= WHAT YOU HAVE TO DO =
Every record below should be retyped exactly, and no picture should appear in the copy.

= Stored data entries =
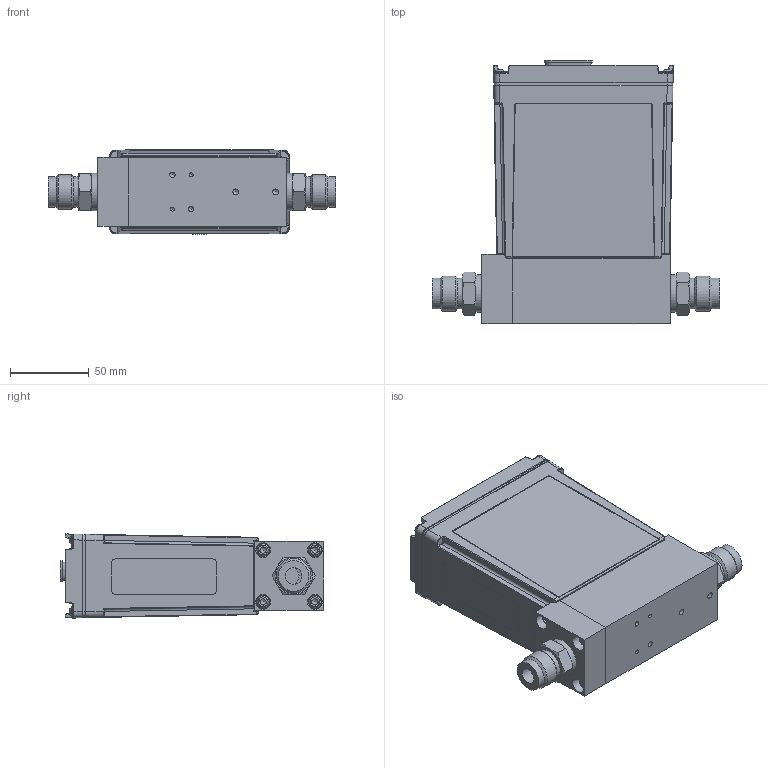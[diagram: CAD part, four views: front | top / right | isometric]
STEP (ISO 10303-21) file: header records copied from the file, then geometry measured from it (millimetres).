
FILE_DESCRIPTION (( 'STEP AP203' ), '1' );
FILE_NAME ('G250 I250 ASSY analog 15-pin 8vcr.STEP', '2014-12-03T19:14:48', ( 'MKS' ), ( 'Microsoft' ), 'SwSTEP 2.0', 'SolidWorks 2012', '' );
FILE_SCHEMA (( 'CONFIG_CONTROL_DESIGN' ));
Products named in the file (1): G250 I250 ASSY analog 15-pin 8vcr
Bounding box: 182.91 x 167.56 x 53.57 mm (x, y, z)
Volume: 317113 mm3; surface area: 221276.8 mm2
Topology: 37 solids, 37 shells, 3105 faces, 7744 edges, 4739 vertices
Faces by surface type: plane 1100, cylinder 916, bspline 676, cone 220, sphere 113, torus 80
Full cylindrical faces by diameter (mm): 0.61 x30, 0.635 x2, 1.191 x1, 1.397 x16, 1.994 x1, 2.261 x4, 2.362 x4, 2.438 x1, 2.5 x2, 2.606 x1, 2.705 x8, 2.845 x2, 3.023 x2, 3.048 x4, 3.454 x6, 3.556 x2, 3.797 x6, 4.039 x4, 4.064 x2, 4.597 x1, 4.826 x4, 5.08 x2, 5.105 x4, 5.944 x4, 6.35 x2, 6.858 x4, 7.938 x4, 9.525 x5, 9.921 x1, 10.668 x2
Entity records: 119623 total; most frequent: CARTESIAN_POINT 54170, ORIENTED_EDGE 14528, DIRECTION 11655, EDGE_CURVE 7264, VERTEX_POINT 4668, AXIS2_PLACEMENT_3D 4128, EDGE_LOOP 3670, LINE 3399
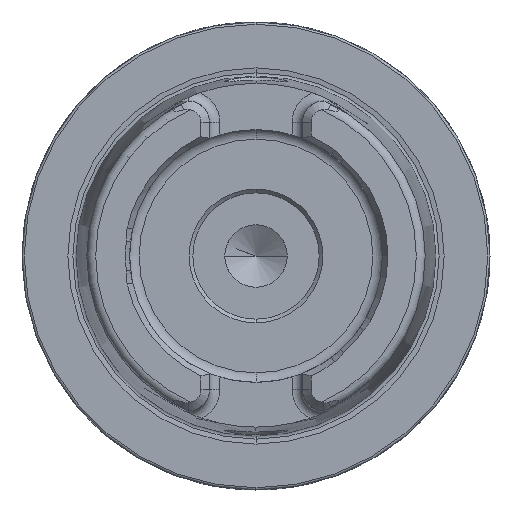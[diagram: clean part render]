
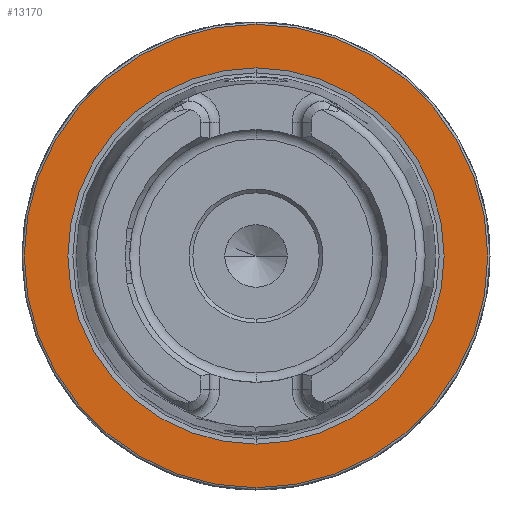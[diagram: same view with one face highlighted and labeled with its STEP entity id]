
A CAD part, left-side view. The second image highlights one B-rep face of the part: STEP entity #13170.
In plain terms, the highlighted planar face has unit normal (-1, 0, 0).
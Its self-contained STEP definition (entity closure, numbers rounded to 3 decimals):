
#266 = VERTEX_POINT ( 'NONE', #11529 ) ;
#657 = DIRECTION ( 'NONE',  ( 0., 0., 1. ) ) ;
#1234 = EDGE_LOOP ( 'NONE', ( #5847, #15408 ) ) ;
#2685 = CARTESIAN_POINT ( 'NONE',  ( 0., 0., 0. ) ) ;
#2739 = AXIS2_PLACEMENT_3D ( 'NONE', #2778, #4637, #22184 ) ;
#2778 = CARTESIAN_POINT ( 'NONE',  ( 0., 31.2, 0. ) ) ;
#4006 = CARTESIAN_POINT ( 'NONE',  ( 0., 0., 31.2 ) ) ;
#4096 = DIRECTION ( 'NONE',  ( 0., 0., 1. ) ) ;
#4637 = DIRECTION ( 'NONE',  ( 1., 0., 0. ) ) ;
#5363 = VERTEX_POINT ( 'NONE', #20591 ) ;
#5847 = ORIENTED_EDGE ( 'NONE', *, *, #6430, .F. ) ;
#5889 = ORIENTED_EDGE ( 'NONE', *, *, #8150, .T. ) ;
#6218 = DIRECTION ( 'NONE',  ( -1., 0., 0. ) ) ;
#6430 = EDGE_CURVE ( 'NONE', #5363, #266, #17016, .T. ) ;
#6776 = CARTESIAN_POINT ( 'NONE',  ( 0., 0., 0. ) ) ;
#8150 = EDGE_CURVE ( 'NONE', #12677, #20954, #18855, .T. ) ;
#8686 = CARTESIAN_POINT ( 'NONE',  ( 0., 0., 0. ) ) ;
#9167 = AXIS2_PLACEMENT_3D ( 'NONE', #8686, #15827, #21199 ) ;
#10529 = DIRECTION ( 'NONE',  ( -1., 0., 0. ) ) ;
#11529 = CARTESIAN_POINT ( 'NONE',  ( 0., 0., -25.324 ) ) ;
#11820 = CARTESIAN_POINT ( 'NONE',  ( 0., 0., -31.2 ) ) ;
#12677 = VERTEX_POINT ( 'NONE', #4006 ) ;
#13170 = ADVANCED_FACE ( 'NONE', ( #22521, #13754 ), #20557, .F. ) ;
#13173 = CARTESIAN_POINT ( 'NONE',  ( 0., 0., 0. ) ) ;
#13754 = FACE_OUTER_BOUND ( 'NONE', #22776, .T. ) ;
#14499 = EDGE_CURVE ( 'NONE', #266, #5363, #20345, .T. ) ;
#15408 = ORIENTED_EDGE ( 'NONE', *, *, #14499, .F. ) ;
#15827 = DIRECTION ( 'NONE',  ( -1., 0., 0. ) ) ;
#17016 = CIRCLE ( 'NONE', #9167, 25.324 ) ;
#17048 = EDGE_CURVE ( 'NONE', #20954, #12677, #17954, .T. ) ;
#17608 = ORIENTED_EDGE ( 'NONE', *, *, #17048, .T. ) ;
#17741 = AXIS2_PLACEMENT_3D ( 'NONE', #6776, #10529, #21047 ) ;
#17954 = CIRCLE ( 'NONE', #19825, 31.2 ) ;
#18103 = AXIS2_PLACEMENT_3D ( 'NONE', #13173, #18443, #657 ) ;
#18443 = DIRECTION ( 'NONE',  ( -1., 0., 0. ) ) ;
#18855 = CIRCLE ( 'NONE', #17741, 31.2 ) ;
#19825 = AXIS2_PLACEMENT_3D ( 'NONE', #2685, #6218, #4096 ) ;
#20345 = CIRCLE ( 'NONE', #18103, 25.324 ) ;
#20557 = PLANE ( 'NONE',  #2739 ) ;
#20591 = CARTESIAN_POINT ( 'NONE',  ( 0., 0., 25.324 ) ) ;
#20954 = VERTEX_POINT ( 'NONE', #11820 ) ;
#21047 = DIRECTION ( 'NONE',  ( 0., 0., 1. ) ) ;
#21199 = DIRECTION ( 'NONE',  ( 0., 0., 1. ) ) ;
#22184 = DIRECTION ( 'NONE',  ( 0., 0., -1. ) ) ;
#22521 = FACE_BOUND ( 'NONE', #1234, .T. ) ;
#22776 = EDGE_LOOP ( 'NONE', ( #5889, #17608 ) ) ;
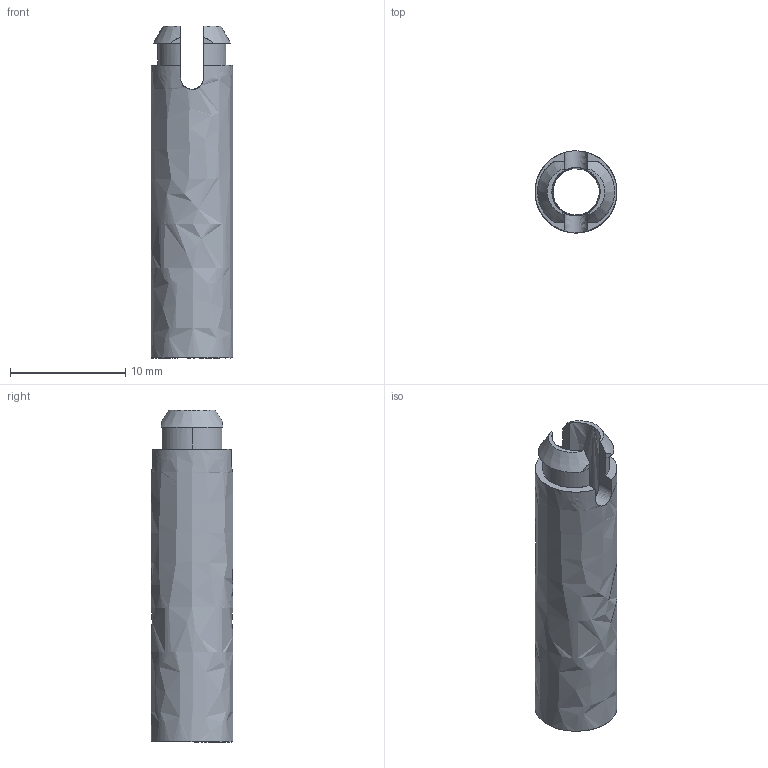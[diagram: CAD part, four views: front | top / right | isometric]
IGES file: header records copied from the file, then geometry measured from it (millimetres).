
Start section: C
Global section: file name: 702945000.igs; native system: By Siemens PLM Incorporated; preprocessor: XPlus GENERIC/IGES 21.0.46; author: Author; organization: Title; date: 20181031.105216; units: millimetre
Bounding box: 7.1 x 7.1 x 28.8 mm (x, y, z)
Surface area: 1039 mm2 (no closed solid volume)
Topology: 0 solids, 0 shells, 24 faces, 202 edges, 202 vertices
Faces by surface type: bspline 24

= RESPONSE TO THE EXERCISE =
[diagram: CAD part, four views: front | top / right | isometric]
STEP (ISO 10303-21) file: header records copied from the file, then geometry measured from it (millimetres).
FILE_DESCRIPTION (( 'STEP AP203' ), '1' );
FILE_NAME ('G250 I250 ASSY analog 15-pin 8vcr.STEP', '2014-12-03T19:14:48', ( 'MKS' ), ( 'Microsoft' ), 'SwSTEP 2.0', 'SolidWorks 2012', '' );
FILE_SCHEMA (( 'CONFIG_CONTROL_DESIGN' ));
Products named in the file (1): G250 I250 ASSY analog 15-pin 8vcr
Bounding box: 182.91 x 167.56 x 53.57 mm (x, y, z)
Volume: 317113 mm3; surface area: 221276.8 mm2
Topology: 37 solids, 37 shells, 3105 faces, 7744 edges, 4739 vertices
Faces by surface type: plane 1100, cylinder 916, bspline 676, cone 220, sphere 113, torus 80
Full cylindrical faces by diameter (mm): 0.61 x30, 0.635 x2, 1.191 x1, 1.397 x16, 1.994 x1, 2.261 x4, 2.362 x4, 2.438 x1, 2.5 x2, 2.606 x1, 2.705 x8, 2.845 x2, 3.023 x2, 3.048 x4, 3.454 x6, 3.556 x2, 3.797 x6, 4.039 x4, 4.064 x2, 4.597 x1, 4.826 x4, 5.08 x2, 5.105 x4, 5.944 x4, 6.35 x2, 6.858 x4, 7.938 x4, 9.525 x5, 9.921 x1, 10.668 x2
Entity records: 119623 total; most frequent: CARTESIAN_POINT 54170, ORIENTED_EDGE 14528, DIRECTION 11655, EDGE_CURVE 7264, VERTEX_POINT 4668, AXIS2_PLACEMENT_3D 4128, EDGE_LOOP 3670, LINE 3399
[diagram: clean part render]
[diagram: same view with one face highlighted and labeled with its STEP entity id]
A CAD part, left-side view. The second image highlights one B-rep face of the part: STEP entity #13170.
In plain terms, the highlighted planar face has unit normal (-1, 0, 0).
Its self-contained STEP definition (entity closure, numbers rounded to 3 decimals):
#266 = VERTEX_POINT ( 'NONE', #11529 ) ;
#657 = DIRECTION ( 'NONE',  ( 0., 0., 1. ) ) ;
#1234 = EDGE_LOOP ( 'NONE', ( #5847, #15408 ) ) ;
#2685 = CARTESIAN_POINT ( 'NONE',  ( 0., 0., 0. ) ) ;
#2739 = AXIS2_PLACEMENT_3D ( 'NONE', #2778, #4637, #22184 ) ;
#2778 = CARTESIAN_POINT ( 'NONE',  ( 0., 31.2, 0. ) ) ;
#4006 = CARTESIAN_POINT ( 'NONE',  ( 0., 0., 31.2 ) ) ;
#4096 = DIRECTION ( 'NONE',  ( 0., 0., 1. ) ) ;
#4637 = DIRECTION ( 'NONE',  ( 1., 0., 0. ) ) ;
#5363 = VERTEX_POINT ( 'NONE', #20591 ) ;
#5847 = ORIENTED_EDGE ( 'NONE', *, *, #6430, .F. ) ;
#5889 = ORIENTED_EDGE ( 'NONE', *, *, #8150, .T. ) ;
#6218 = DIRECTION ( 'NONE',  ( -1., 0., 0. ) ) ;
#6430 = EDGE_CURVE ( 'NONE', #5363, #266, #17016, .T. ) ;
#6776 = CARTESIAN_POINT ( 'NONE',  ( 0., 0., 0. ) ) ;
#8150 = EDGE_CURVE ( 'NONE', #12677, #20954, #18855, .T. ) ;
#8686 = CARTESIAN_POINT ( 'NONE',  ( 0., 0., 0. ) ) ;
#9167 = AXIS2_PLACEMENT_3D ( 'NONE', #8686, #15827, #21199 ) ;
#10529 = DIRECTION ( 'NONE',  ( -1., 0., 0. ) ) ;
#11529 = CARTESIAN_POINT ( 'NONE',  ( 0., 0., -25.324 ) ) ;
#11820 = CARTESIAN_POINT ( 'NONE',  ( 0., 0., -31.2 ) ) ;
#12677 = VERTEX_POINT ( 'NONE', #4006 ) ;
#13170 = ADVANCED_FACE ( 'NONE', ( #22521, #13754 ), #20557, .F. ) ;
#13173 = CARTESIAN_POINT ( 'NONE',  ( 0., 0., 0. ) ) ;
#13754 = FACE_OUTER_BOUND ( 'NONE', #22776, .T. ) ;
#14499 = EDGE_CURVE ( 'NONE', #266, #5363, #20345, .T. ) ;
#15408 = ORIENTED_EDGE ( 'NONE', *, *, #14499, .F. ) ;
#15827 = DIRECTION ( 'NONE',  ( -1., 0., 0. ) ) ;
#17016 = CIRCLE ( 'NONE', #9167, 25.324 ) ;
#17048 = EDGE_CURVE ( 'NONE', #20954, #12677, #17954, .T. ) ;
#17608 = ORIENTED_EDGE ( 'NONE', *, *, #17048, .T. ) ;
#17741 = AXIS2_PLACEMENT_3D ( 'NONE', #6776, #10529, #21047 ) ;
#17954 = CIRCLE ( 'NONE', #19825, 31.2 ) ;
#18103 = AXIS2_PLACEMENT_3D ( 'NONE', #13173, #18443, #657 ) ;
#18443 = DIRECTION ( 'NONE',  ( -1., 0., 0. ) ) ;
#18855 = CIRCLE ( 'NONE', #17741, 31.2 ) ;
#19825 = AXIS2_PLACEMENT_3D ( 'NONE', #2685, #6218, #4096 ) ;
#20345 = CIRCLE ( 'NONE', #18103, 25.324 ) ;
#20557 = PLANE ( 'NONE',  #2739 ) ;
#20591 = CARTESIAN_POINT ( 'NONE',  ( 0., 0., 25.324 ) ) ;
#20954 = VERTEX_POINT ( 'NONE', #11820 ) ;
#21047 = DIRECTION ( 'NONE',  ( 0., 0., 1. ) ) ;
#21199 = DIRECTION ( 'NONE',  ( 0., 0., 1. ) ) ;
#22184 = DIRECTION ( 'NONE',  ( 0., 0., -1. ) ) ;
#22521 = FACE_BOUND ( 'NONE', #1234, .T. ) ;
#22776 = EDGE_LOOP ( 'NONE', ( #5889, #17608 ) ) ;
[diagram: CAD part, four views: front | top / right | isometric]
IGES file: header records copied from the file, then geometry measured from it (millimetres).
Start section: C
Global section: file name: 702945000.igs; native system: By Siemens PLM Incorporated; preprocessor: XPlus GENERIC/IGES 21.0.46; author: Author; organization: Title; date: 20181031.105216; units: millimetre
Bounding box: 7.1 x 7.1 x 28.8 mm (x, y, z)
Surface area: 1039 mm2 (no closed solid volume)
Topology: 0 solids, 0 shells, 24 faces, 202 edges, 202 vertices
Faces by surface type: bspline 24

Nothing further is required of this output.